[Records contained in a dataset]
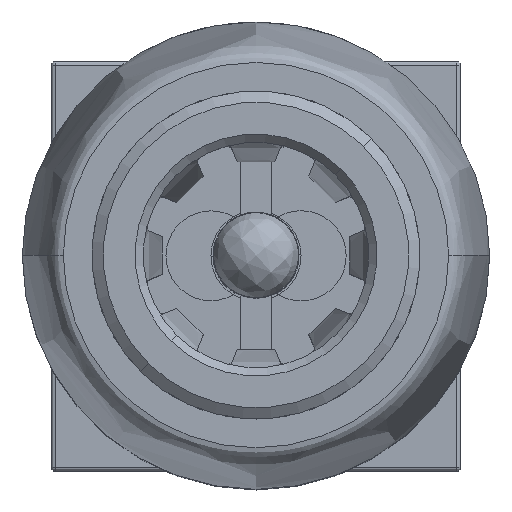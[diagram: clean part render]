
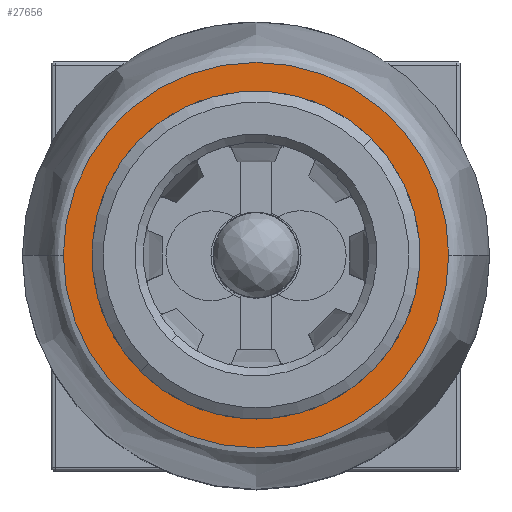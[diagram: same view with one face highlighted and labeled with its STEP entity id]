
A CAD part, top view. The second image highlights one B-rep face of the part: STEP entity #27656.
In plain terms, the highlighted face is planar.
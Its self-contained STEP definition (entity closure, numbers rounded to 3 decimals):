
#13 = AXIS2_PLACEMENT_3D ( 'NONE', #42672, #27509, #27676 ) ;
#323 = CARTESIAN_POINT ( 'NONE',  ( 0., 0., 4. ) ) ;
#684 = PLANE ( 'NONE',  #23343 ) ;
#1318 = CIRCLE ( 'NONE', #13, 4.7 ) ;
#2419 = ORIENTED_EDGE ( 'NONE', *, *, #4860, .F. ) ;
#2741 = AXIS2_PLACEMENT_3D ( 'NONE', #15142, #26212, #30487 ) ;
#4266 = EDGE_LOOP ( 'NONE', ( #2419, #12930 ) ) ;
#4860 = EDGE_CURVE ( 'NONE', #36556, #33982, #1318, .T. ) ;
#5014 = DIRECTION ( 'NONE',  ( 0., 0., 1. ) ) ;
#5805 = VERTEX_POINT ( 'NONE', #323 ) ;
#6711 = EDGE_LOOP ( 'NONE', ( #48072, #44699 ) ) ;
#7769 = CARTESIAN_POINT ( 'NONE',  ( 0., 0., 0. ) ) ;
#9522 = FACE_BOUND ( 'NONE', #6711, .T. ) ;
#10908 = CARTESIAN_POINT ( 'NONE',  ( 0., -4.7, 0. ) ) ;
#10933 = EDGE_CURVE ( 'NONE', #42963, #5805, #18754, .T. ) ;
#12224 = EDGE_CURVE ( 'NONE', #5805, #42963, #41980, .T. ) ;
#12930 = ORIENTED_EDGE ( 'NONE', *, *, #38228, .F. ) ;
#15142 = CARTESIAN_POINT ( 'NONE',  ( 0., 0., 0. ) ) ;
#15548 = AXIS2_PLACEMENT_3D ( 'NONE', #42070, #30561, #45630 ) ;
#16592 = CARTESIAN_POINT ( 'NONE',  ( 0., 0., -4. ) ) ;
#16632 = CIRCLE ( 'NONE', #28831, 4.7 ) ;
#18754 = CIRCLE ( 'NONE', #2741, 4. ) ;
#20799 = FACE_OUTER_BOUND ( 'NONE', #4266, .T. ) ;
#23343 = AXIS2_PLACEMENT_3D ( 'NONE', #42850, #31502, #5014 ) ;
#26212 = DIRECTION ( 'NONE',  ( 1., 0., 0. ) ) ;
#26937 = DIRECTION ( 'NONE',  ( -1., 0., 0. ) ) ;
#27509 = DIRECTION ( 'NONE',  ( -1., 0., 0. ) ) ;
#27656 = ADVANCED_FACE ( 'NONE', ( #9522, #20799 ), #684, .F. ) ;
#27676 = DIRECTION ( 'NONE',  ( 0., 0., 1. ) ) ;
#28831 = AXIS2_PLACEMENT_3D ( 'NONE', #7769, #26937, #30738 ) ;
#30487 = DIRECTION ( 'NONE',  ( 0., 0., -1. ) ) ;
#30561 = DIRECTION ( 'NONE',  ( 1., 0., 0. ) ) ;
#30738 = DIRECTION ( 'NONE',  ( 0., 0., 1. ) ) ;
#31502 = DIRECTION ( 'NONE',  ( -1., 0., 0. ) ) ;
#33982 = VERTEX_POINT ( 'NONE', #10908 ) ;
#35361 = CARTESIAN_POINT ( 'NONE',  ( 0., 4.7, 0. ) ) ;
#36556 = VERTEX_POINT ( 'NONE', #35361 ) ;
#38228 = EDGE_CURVE ( 'NONE', #33982, #36556, #16632, .T. ) ;
#41980 = CIRCLE ( 'NONE', #15548, 4. ) ;
#42070 = CARTESIAN_POINT ( 'NONE',  ( 0., 0., 0. ) ) ;
#42672 = CARTESIAN_POINT ( 'NONE',  ( 0., 0., 0. ) ) ;
#42850 = CARTESIAN_POINT ( 'NONE',  ( 0., 0., 0. ) ) ;
#42963 = VERTEX_POINT ( 'NONE', #16592 ) ;
#44699 = ORIENTED_EDGE ( 'NONE', *, *, #12224, .F. ) ;
#45630 = DIRECTION ( 'NONE',  ( 0., 0., -1. ) ) ;
#48072 = ORIENTED_EDGE ( 'NONE', *, *, #10933, .F. ) ;

:: WHAT YOU WILL DO ::
From the line that has "#10908 = CARTESIAN_POINT" through the line that has "#26937 = DIRECTION", copy every line exactly as it appears above, and leave out all others.

:: TASK SOLUTION ::
#10908 = CARTESIAN_POINT ( 'NONE',  ( 0., -4.7, 0. ) ) ;
#10933 = EDGE_CURVE ( 'NONE', #42963, #5805, #18754, .T. ) ;
#12224 = EDGE_CURVE ( 'NONE', #5805, #42963, #41980, .T. ) ;
#12930 = ORIENTED_EDGE ( 'NONE', *, *, #38228, .F. ) ;
#15142 = CARTESIAN_POINT ( 'NONE',  ( 0., 0., 0. ) ) ;
#15548 = AXIS2_PLACEMENT_3D ( 'NONE', #42070, #30561, #45630 ) ;
#16592 = CARTESIAN_POINT ( 'NONE',  ( 0., 0., -4. ) ) ;
#16632 = CIRCLE ( 'NONE', #28831, 4.7 ) ;
#18754 = CIRCLE ( 'NONE', #2741, 4. ) ;
#20799 = FACE_OUTER_BOUND ( 'NONE', #4266, .T. ) ;
#23343 = AXIS2_PLACEMENT_3D ( 'NONE', #42850, #31502, #5014 ) ;
#26212 = DIRECTION ( 'NONE',  ( 1., 0., 0. ) ) ;
#26937 = DIRECTION ( 'NONE',  ( -1., 0., 0. ) ) ;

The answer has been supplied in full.